Question

A hot air balloon hovers at 92.4 m above the ground. The pilot drops a box over the edge of the basket. How fast does the person standing 10 m away, have to go to catch the box, before it hits the ground?

Answer 1

The person has to move at the speed of 2.30 m/s towards the dropping point to catch the box.

Step-by-step explanation:

Let t be the time taken by the box to reach the ground and v be the speed of the person on the ground standing 10 m away from the dropping

point.

As distance=(speed) x (time), so

`10=vt\cdots(i)`

Initially, the height of the box from the ground is 92.4 m.

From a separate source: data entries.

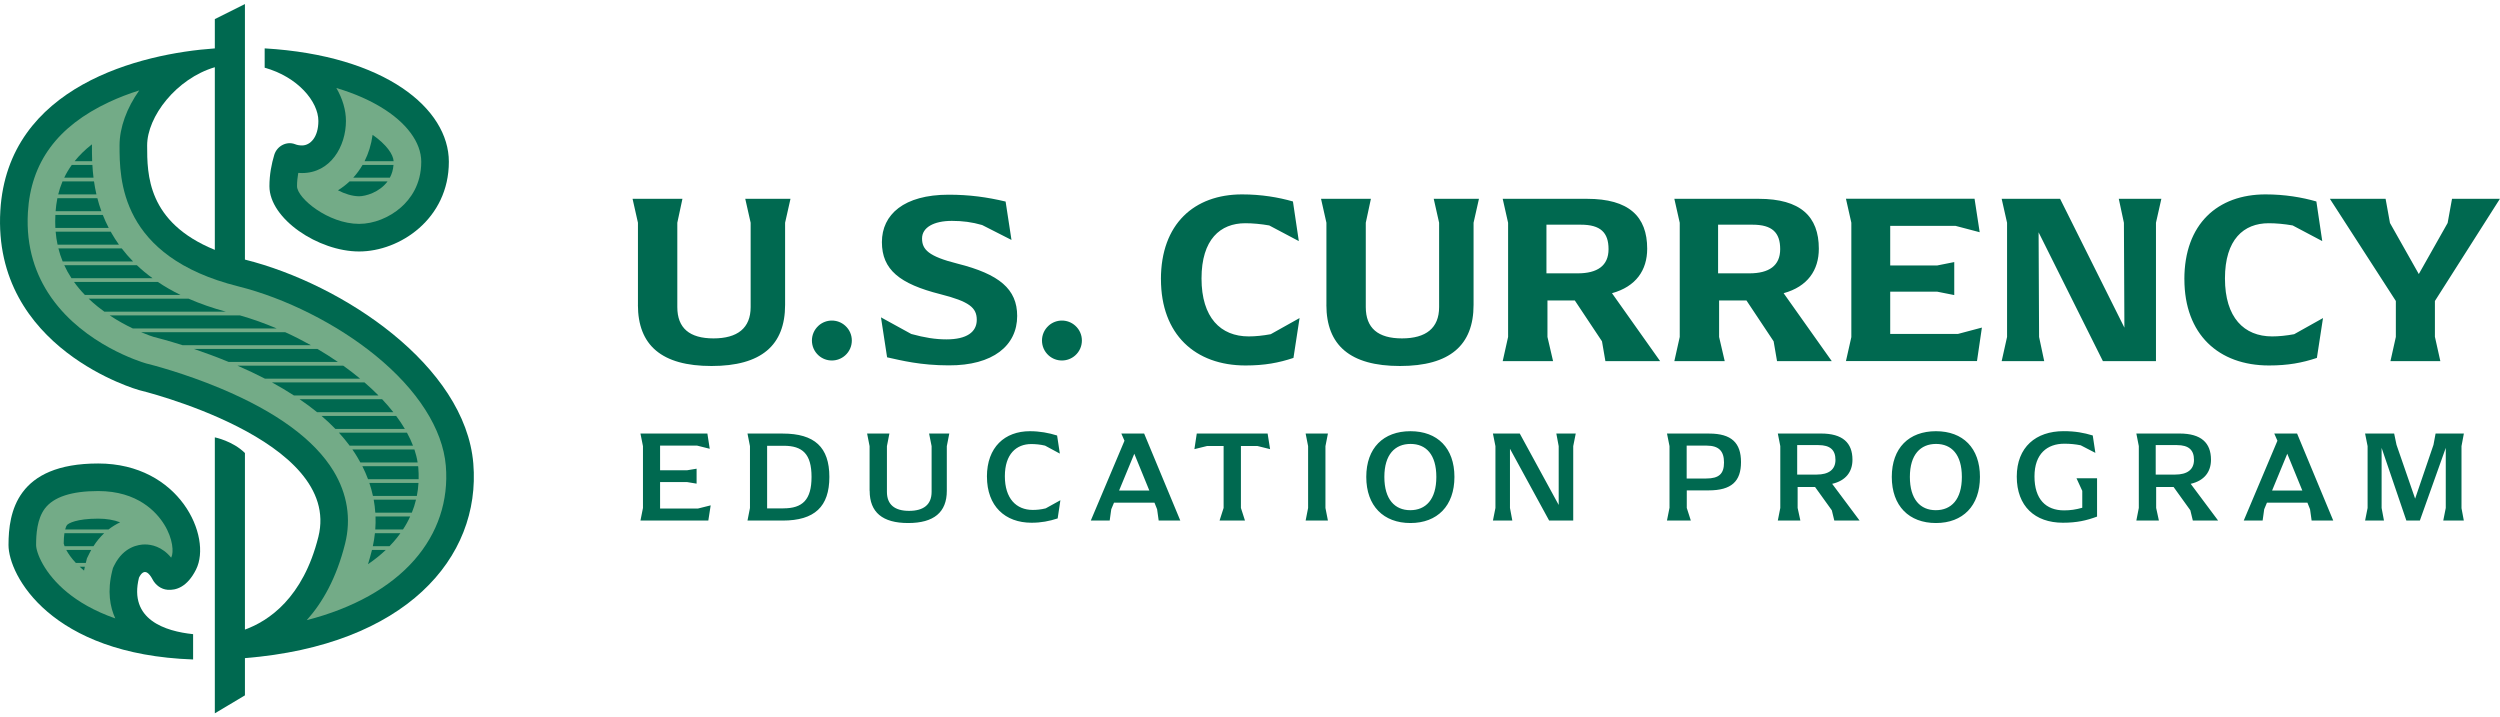 <svg aria-hidden="true" fill="#006950" stroke-width="0" width="230" height="66" xmlns="http://www.w3.org/2000/svg" viewBox="0 0 667.53 189.38">
  <path d="M40.72,153.6c.8,1.53,2.29,2.65,4.01,2.79,2.26.19,5.26-.7,7.62-5.42,4.35-8.71-4.36-28.3-26.13-28.3s-23.95,13.06-23.95,21.77c0,8.07,11.24,29.24,49.29,30.56v-6.76c-7.37-.76-17.27-3.84-14.45-15.09,1.39-2.79,2.78-1.12,3.61.45ZM70.67,11.83v5.16c8.83,2.46,14.34,9.04,14.34,14.23,0,4.36-2.18,6.53-4.36,6.53-.72,0-1.33-.12-1.83-.32-2.28-.91-4.86.47-5.58,2.81-.72,2.38-1.3,5.25-1.3,8.4,0,8.71,13.07,17.42,23.95,17.42s23.96-8.71,23.96-23.95c0-14.19-16.98-28.38-49.18-30.28Z"/>
  <path d="M126.38,122.67c-2.18-26.13-34.84-47.9-60.97-54.44h-.01V0l-8.04,4.02v7.82C37.6,13.21,2.05,21.82.09,55.17c-2.17,37.01,37.02,47.9,37.02,47.9,0,0,54.43,13.06,47.9,39.19-4.09,16.36-13.3,22.47-19.61,24.76v-47.14c-3.21-3.21-8.04-4.19-8.04-4.19v73.69l8.04-4.8v-9.94c42.76-3.44,63.08-26.69,60.98-51.97ZM57.36,65.63c-18.07-7.37-18.07-20.18-18.07-27.88s7.77-17.83,18.07-20.89v48.77Z"/>
  <path d="M170.34,80.32v-21.93l-1.44-6.4h13.32l-1.37,6.4v22.52c0,5.61,3.26,8.36,9.66,8.36s9.92-2.74,9.92-8.36v-22.52l-1.44-6.4h12.08l-1.44,6.4v21.93c0,10.77-6.33,16.32-19.65,16.32s-19.65-5.55-19.65-16.32ZM218.55,85.88h0c2.02-1.82,5.09-1.83,7.12-.01h0c2.38,2.12,2.37,5.85-.02,7.96h0c-2.02,1.79-5.07,1.79-7.08-.01h0c-2.36-2.11-2.37-5.81-.02-7.93ZM236.86,94.29l-1.63-10.64,8.09,4.44c3.59.98,6.4,1.44,9.4,1.44,5.42,0,8.09-1.96,8.09-5.22s-2.02-4.89-9.73-6.85c-10.84-2.74-15.6-6.53-15.6-13.9s5.88-12.66,17.82-12.66c5.55,0,10.25.65,15.21,1.83l1.57,10.25-7.83-3.98c-2.68-.78-5.22-1.11-8.09-1.11-4.83,0-7.96,1.76-7.96,4.7s1.7,4.77,9.47,6.72c11.16,2.81,15.93,6.79,15.93,13.97,0,7.9-6.46,13.25-18.28,13.19-7.51,0-12.66-1.31-16.45-2.15ZM279.98,85.88h0c2.02-1.82,5.09-1.83,7.12-.01h0c2.38,2.12,2.37,5.85-.02,7.96h0c-2.02,1.79-5.07,1.79-7.08-.01h0c-2.36-2.11-2.37-5.81-.02-7.93ZM309.98,73.47c0-14.75,8.88-22.65,21.67-22.65,5.16,0,9.73.78,13.58,1.89l1.57,10.58-7.9-4.18c-2.22-.39-4.44-.59-6.4-.59-6.66,0-11.68,4.31-11.68,14.75s5.09,15.47,12.6,15.47c1.76,0,3.79-.2,5.88-.59l7.7-4.31-1.63,10.64c-3.92,1.31-7.7,2.02-12.79,2.02-13.45,0-22.59-8.29-22.59-23.04ZM354.17,80.32v-21.93l-1.44-6.4h13.32l-1.37,6.4v22.52c0,5.61,3.26,8.36,9.66,8.36s9.92-2.74,9.92-8.36v-22.52l-1.44-6.4h12.08l-1.44,6.4v21.93c0,10.77-6.33,16.32-19.65,16.32s-19.65-5.55-19.65-16.32ZM443.28,95.34h-14.62l-.91-5.29-7.25-10.9h-7.31v9.73l1.5,6.46h-13.45l1.44-6.46v-30.48l-1.44-6.4h22.52c11.16,0,16.06,4.7,16.06,13.32,0,5.74-3,10.12-9.4,11.88l12.86,18.15ZM421.28,71.9c5.22,0,8.22-2.02,8.22-6.46s-2.15-6.53-7.38-6.53h-9.2v12.99h8.36ZM489.11,95.34h-14.62l-.91-5.29-7.25-10.9h-7.31v9.73l1.5,6.46h-13.45l1.44-6.46v-30.48l-1.44-6.4h22.52c11.16,0,16.06,4.7,16.06,13.32,0,5.74-3,10.12-9.4,11.88l12.86,18.15ZM467.11,71.9c5.22,0,8.22-2.02,8.22-6.46s-2.15-6.53-7.38-6.53h-9.2v12.99h8.36ZM529.19,86.39l-1.31,8.94h-34.99l1.44-6.4v-30.55l-1.44-6.4h34.34l1.37,8.94-6.46-1.7h-17.43v10.58h12.53l4.57-.91v8.81l-4.57-.91h-12.53v11.29h18.08l6.4-1.7ZM577.11,51.99l-1.44,6.4v36.95h-14.17l-17.17-34.4.13,27.94,1.37,6.46h-11.36l1.44-6.46v-30.48l-1.44-6.4h15.6l17.17,34.4-.13-28-1.37-6.4h11.36ZM583.25,73.47c0-14.75,8.88-22.65,21.67-22.65,5.16,0,9.73.78,13.58,1.89l1.57,10.58-7.9-4.18c-2.22-.39-4.44-.59-6.4-.59-6.66,0-11.68,4.31-11.68,14.75s5.09,15.47,12.6,15.47c1.76,0,3.79-.2,5.88-.59l7.7-4.31-1.63,10.64c-3.92,1.31-7.7,2.02-12.79,2.02-13.45,0-22.59-8.29-22.59-23.04ZM650.16,88.88l1.44,6.46h-13.32l1.44-6.46v-9.6l-17.62-27.29h14.88l1.17,6.46,7.7,13.64,7.7-13.64,1.17-6.46h12.79l-17.36,27.29v9.6ZM189.76,133.85l-.63,4.06h-18.12l.67-3.36v-16.51l-.67-3.36h17.87l.63,4.06-3.36-.84h-9.9v6.58h7.2l2.55-.42v3.99l-2.55-.42h-7.2v7.06h10.14l3.36-.84ZM200.25,134.55v-16.51l-.66-3.36h9.41c8.5,0,12.45,3.64,12.45,11.58s-3.95,11.65-12.45,11.65h-9.41l.66-3.36ZM209.17,134.65c5.11,0,7.52-2.27,7.52-8.39s-2.38-8.32-7.45-8.32h-4.41v16.72h4.34ZM232.19,129.97v-11.93l-.66-3.36h5.95l-.66,3.36v12.21c0,3.39,2.06,5.07,5.91,5.07s6.02-1.64,6.02-5.07v-12.21l-.67-3.36h5.39l-.66,3.36v11.93c0,5.74-3.46,8.6-10.32,8.6s-10.28-2.87-10.28-8.6ZM263.52,126.19c0-7.9,4.79-12.14,11.47-12.14,2.62,0,5.07.45,7.27,1.15l.73,4.83-3.95-2.13c-1.29-.31-2.59-.42-3.67-.42-3.99,0-7.06,2.66-7.06,8.6s3.04,8.99,7.45,8.99c1.01,0,2.2-.1,3.46-.42l3.92-2.17-.73,4.86c-2.27.73-4.37,1.15-6.99,1.15-7.03,0-11.89-4.41-11.89-12.31ZM315.15,137.9h-5.77l-.42-3.01-.7-1.75h-10.81l-.73,1.75-.42,3.01h-5.04l8.99-21.3-.84-1.92h6.09l9.65,23.22ZM306.89,129.9l-4.02-9.83-4.06,9.83h8.08ZM331.34,118v16.54l1.08,3.36h-6.78l1.08-3.36v-16.54h-4.41l-3.39.84.63-4.16h18.92l.66,4.16-3.39-.84h-4.41ZM349.28,134.55v-16.51l-.66-3.36h5.95l-.66,3.36v16.51l.66,3.36h-5.95l.66-3.36ZM364.81,126.26c0-7.73,4.58-12.21,11.79-12.21s11.75,4.48,11.75,12.21-4.58,12.31-11.75,12.31-11.79-4.55-11.79-12.31ZM383.52,126.26c0-6.01-2.76-8.81-6.89-8.81s-6.99,2.8-6.99,8.81,2.8,8.88,6.92,8.88,6.96-2.83,6.96-8.88ZM420.74,114.68l-.67,3.36v19.87h-6.43l-10.46-19.17v15.81l.63,3.36h-5.18l.67-3.36v-16.51l-.67-3.36h7.17l10.39,19.06v-15.7l-.63-3.36h5.18ZM445.78,134.55v-16.51l-.67-3.36h11.26c5.95,0,8.5,2.48,8.5,7.62s-2.55,7.55-8.64,7.55h-5.84v4.69l1.08,3.36h-6.37l.67-3.36ZM455.57,126.68c3.43,0,4.76-1.26,4.76-4.27s-1.33-4.51-4.65-4.51h-5.32v8.78h5.21ZM496.53,137.9h-6.75l-.66-2.73-4.48-6.23h-4.65v5.6l.73,3.36h-6.02l.66-3.36v-16.51l-.66-3.36h11.54c5.77,0,8.39,2.48,8.39,7,0,3.22-1.78,5.6-5.42,6.43l7.31,9.79ZM485.09,125.63c3.15,0,5-1.29,5-3.92s-1.4-3.95-4.55-3.95h-5.67v7.87h5.21ZM505.13,126.26c0-7.73,4.58-12.21,11.79-12.21s11.75,4.48,11.75,12.21-4.58,12.31-11.75,12.31-11.79-4.55-11.79-12.31ZM523.84,126.26c0-6.01-2.76-8.81-6.89-8.81s-6.99,2.8-6.99,8.81,2.8,8.88,6.92,8.88,6.96-2.83,6.96-8.88ZM559.94,126.64v10.21c-2.83,1.05-5.39,1.64-9.13,1.64-7.45,0-12.31-4.41-12.31-12.31s5.14-12.14,12.49-12.14c3.15,0,5.39.42,7.8,1.15l.7,4.65-3.92-2.03c-1.4-.28-2.8-.42-4.37-.42-4.55,0-7.97,2.66-7.97,8.74s3.04,9.06,7.9,9.06c1.71,0,3.11-.21,4.86-.7v-4.51l-1.54-3.36h5.49ZM592.26,137.9h-6.75l-.66-2.73-4.48-6.23h-4.65v5.6l.73,3.36h-6.02l.66-3.36v-16.51l-.66-3.36h11.54c5.77,0,8.39,2.48,8.39,7,0,3.22-1.78,5.6-5.42,6.43l7.31,9.79ZM580.82,125.63c3.15,0,5-1.29,5-3.92s-1.4-3.95-4.55-3.95h-5.67v7.87h5.21ZM623,137.9h-5.77l-.42-3.01-.7-1.75h-10.81l-.73,1.75-.42,3.01h-5.04l8.99-21.3-.84-1.92h6.09l9.65,23.22ZM614.75,129.9l-4.02-9.83-4.06,9.83h8.08ZM657.24,134.55l.63,3.36h-5.49l.67-3.36v-16.05l-6.92,19.41h-3.6l-6.61-19.41v16.05l.63,3.36h-5.04l.67-3.36v-16.51l-.67-3.36h7.76l.63,3.01,4.97,14.37,4.9-14.37.56-3.01h7.55l-.63,3.36v16.51Z"/>
  <path fill="#73ab87" d="M101.63,27.47c-2.82-1.7-6.68-3.53-11.82-5.06,1.66,2.85,2.56,5.88,2.56,8.81,0,6.74-4.1,13.9-11.72,13.9-.34,0-.68-.01-1.01-.04-.2,1.12-.33,2.31-.33,3.56,0,3.16,8.33,10.05,16.58,10.05,3.87,0,8.05-1.65,11.19-4.42,2.46-2.17,5.4-6.04,5.4-12.16,0-5.17-3.95-10.51-10.85-14.64ZM43.86,138.98c-2.06-3.34-7.1-8.95-17.64-8.95-7.13,0-11.92,1.58-14.25,4.68-2.09,2.79-2.33,6.89-2.33,9.73,0,1.92,2.05,7.56,8.4,12.72,2.86,2.33,6.97,4.87,12.74,6.88-1.4-3.04-2.18-7.23-.82-12.68l.2-.78.36-.73c2.51-5.02,6.56-5.56,8.19-5.56s4.52.51,6.98,3.52c.03-.04.05-.09.07-.13.63-1.26.46-4.89-1.9-8.7ZM119.04,123.28c-.82-9.79-7.5-20.26-18.81-29.47-10.31-8.39-23.99-15.28-36.6-18.43-31.71-7.93-31.71-28.74-31.71-37.63,0-4.82,1.95-10.03,5.26-14.7-2.77.88-5.5,1.92-8.1,3.14-13.77,6.46-20.85,16.08-21.63,29.41-.55,9.4,2.11,16.8,6.1,22.56.11.17.23.34.35.5,8.8,12.27,23.58,16.85,25.1,17.29,1.35.33,10.02,2.54,19.93,6.69,14.91,6.25,25.05,13.68,30.14,22.08,3.67,6.04,4.73,12.73,3.08,19.33-2.31,9.26-6.07,15.81-10.24,20.45,12.34-3.18,22.23-8.65,28.72-16.05,6.28-7.16,9.18-15.86,8.41-25.17Z"/>
  <path d="M32.08,138.38c-1.09.51-2.12,1.15-3.09,1.9h-11.59c.18-.7.37-1.02.47-1.15.36-.48,2.56-1.73,8.35-1.73,2.2,0,4.16.33,5.86.98ZM17.2,141.28c-.1.69-.18,1.59-.19,2.76.05.21.13.45.23.71h7.72c.83-1.3,1.79-2.46,2.86-3.47h-10.62ZM17.69,145.75c.53.99,1.36,2.2,2.57,3.48h2.65l.3-1.22.72-1.45c.14-.28.28-.55.43-.81h-6.67ZM21.25,150.23c.37.34.76.69,1.19,1.04.07-.34.14-.69.22-1.04h-1.41ZM24.61,41.96h-4.69c1.23-1.53,2.75-3.05,4.63-4.51v.3c0,1.23,0,2.64.06,4.21ZM24.67,42.96h-5.51c-.81,1.13-1.48,2.27-2.01,3.39h7.82c-.15-1.19-.25-2.32-.3-3.39ZM25.1,47.35h-8.41c-.5,1.19-.87,2.35-1.15,3.48h10.21c-.28-1.2-.49-2.36-.65-3.48ZM26,51.83h-10.68c-.24,1.21-.39,2.38-.47,3.47h12.22c-.43-1.17-.78-2.33-1.07-3.47ZM27.45,56.3h-12.66c-.06,1.18-.07,2.34-.01,3.47h14.25c-.61-1.17-1.13-2.33-1.58-3.47ZM29.76,61.12c-.07-.12-.13-.23-.19-.35h-14.71c.09,1.19.26,2.34.51,3.47h16.39c-.72-1.01-1.39-2.05-2-3.12ZM32.5,65.24H15.59c.3,1.19.68,2.35,1.14,3.48h18.79c-1.09-1.11-2.09-2.27-3.02-3.48ZM36.54,69.72h-19.38c.55,1.2,1.18,2.35,1.92,3.47h21.64c-1.5-1.08-2.89-2.24-4.18-3.47ZM42.14,74.19h-22.38c.85,1.2,1.82,2.35,2.9,3.47h25.53c-2.16-1.05-4.18-2.21-6.05-3.47ZM50.34,78.66h-26.68c.79.75,1.62,1.48,2.51,2.19.56.45,1.13.88,1.69,1.28h32.44c-3.58-.97-6.9-2.13-9.96-3.47ZM64.08,83.13H29.3c2.19,1.46,4.32,2.61,6.15,3.48h38.41c-3.26-1.39-6.54-2.56-9.78-3.48ZM76.14,87.61h-38.48c1.7.72,2.92,1.12,3.33,1.25,1.06.27,3.89,1.01,7.74,2.22h34.27c-2.24-1.25-4.54-2.42-6.86-3.47ZM84.75,92.08h-32.98c2.81.95,5.97,2.11,9.27,3.47h29.17c-1.76-1.22-3.59-2.37-5.46-3.47ZM91.64,96.55h-28.24c2.58,1.12,5.03,2.27,7.34,3.47h25.41c-1.44-1.2-2.94-2.36-4.51-3.47ZM97.32,101.02h-24.7c2.06,1.13,4.01,2.29,5.85,3.48h22.58c-1.17-1.19-2.42-2.35-3.73-3.48ZM102.02,105.5h-22.05c1.66,1.12,3.23,2.28,4.69,3.47h20.36c-.92-1.17-1.92-2.33-3-3.47ZM105.78,109.97h-19.93c1.33,1.13,2.56,2.29,3.7,3.47h18.55c-.69-1.17-1.46-2.33-2.32-3.47ZM108.66,114.44h-18.17c1.04,1.14,2,2.3,2.87,3.48h16.92c-.44-1.16-.99-2.33-1.62-3.48ZM110.65,118.92h-16.57c.46.65.89,1.31,1.29,1.98.3.49.59.99.85,1.49h15.29c-.18-1.16-.48-2.32-.86-3.47ZM111.7,123.89c0-.17-.03-.33-.05-.5h-14.9c.58,1.14,1.08,2.3,1.52,3.47h13.51c.03-.97,0-1.96-.08-2.97ZM98.62,127.86c.39,1.15.71,2.31.96,3.47h11.72c.23-1.13.38-2.29.44-3.47h-13.12ZM99.78,132.33c.21,1.15.36,2.31.43,3.48h9.75c.47-1.13.84-2.29,1.12-3.48h-11.3ZM100.27,136.81c.04,1.15.02,2.31-.07,3.47h7.41c.74-1.12,1.38-2.28,1.91-3.47h-9.25ZM100.11,141.28c-.12,1.16-.31,2.32-.56,3.47h4.46c.38-.38.74-.77,1.08-1.16.66-.75,1.27-1.52,1.83-2.31h-6.81ZM99.32,145.75s-.01.06-.02.09c-.32,1.28-.67,2.52-1.04,3.72,1.74-1.18,3.32-2.45,4.75-3.81h-3.69ZM16.96,143.86,103.48,47.35c-2.16,2.94-5.89,3.97-7.59,3.97-1.85,0-3.91-.69-5.65-1.59,1.09-.67,2.14-1.47,3.1-2.38h10.14ZM96.8,42.96c-.72,1.25-1.56,2.38-2.48,3.39h9.78c.52-.96.87-2.08.97-3.39h-8.27ZM99.49,34.92c-.36,2.63-1.11,4.98-2.15,7.04h7.76c-.09-1.78-1.86-4.42-5.61-7.04Z"/>
</svg>

So, the displacement, s, covered by the box when it reached the ground,

`s=92.4` m in the downward direction.

The gravitational force action of the box is also in the downward direction.

The initial velocity of the balloon, u=0.

According to the equation of motion,

`s=ut+\frac1 2 at^2`

where a is the acceleration, u is initial velocity and.

Here,
`a=g=9.81 m/s^2` (acceleration due to gravity) and s and a are having the same direction.

So, on putting the values in the equation, we have

`92.4=0*t+ \frac 1 2 (9.81)t^2`

`\Rightarrow t^2=(92.4* 2)/(9.81)`

`\Rightarrow t=\sqrt{(92.4* 2)/(9.81)}`

`\Rightarrow t=4.34` seconds.

So, the time available for the man on the ground to catch the bot is 4.34 seconds.

Now, from equation (i),

`10=v* 4.34`

`\Rightarrow v = 10/4.34`

`\Rightarrow v = 2.30` m/s.

Hence, the person has to move at the speed of 2.30 m/s towards the dropping point to catch the box.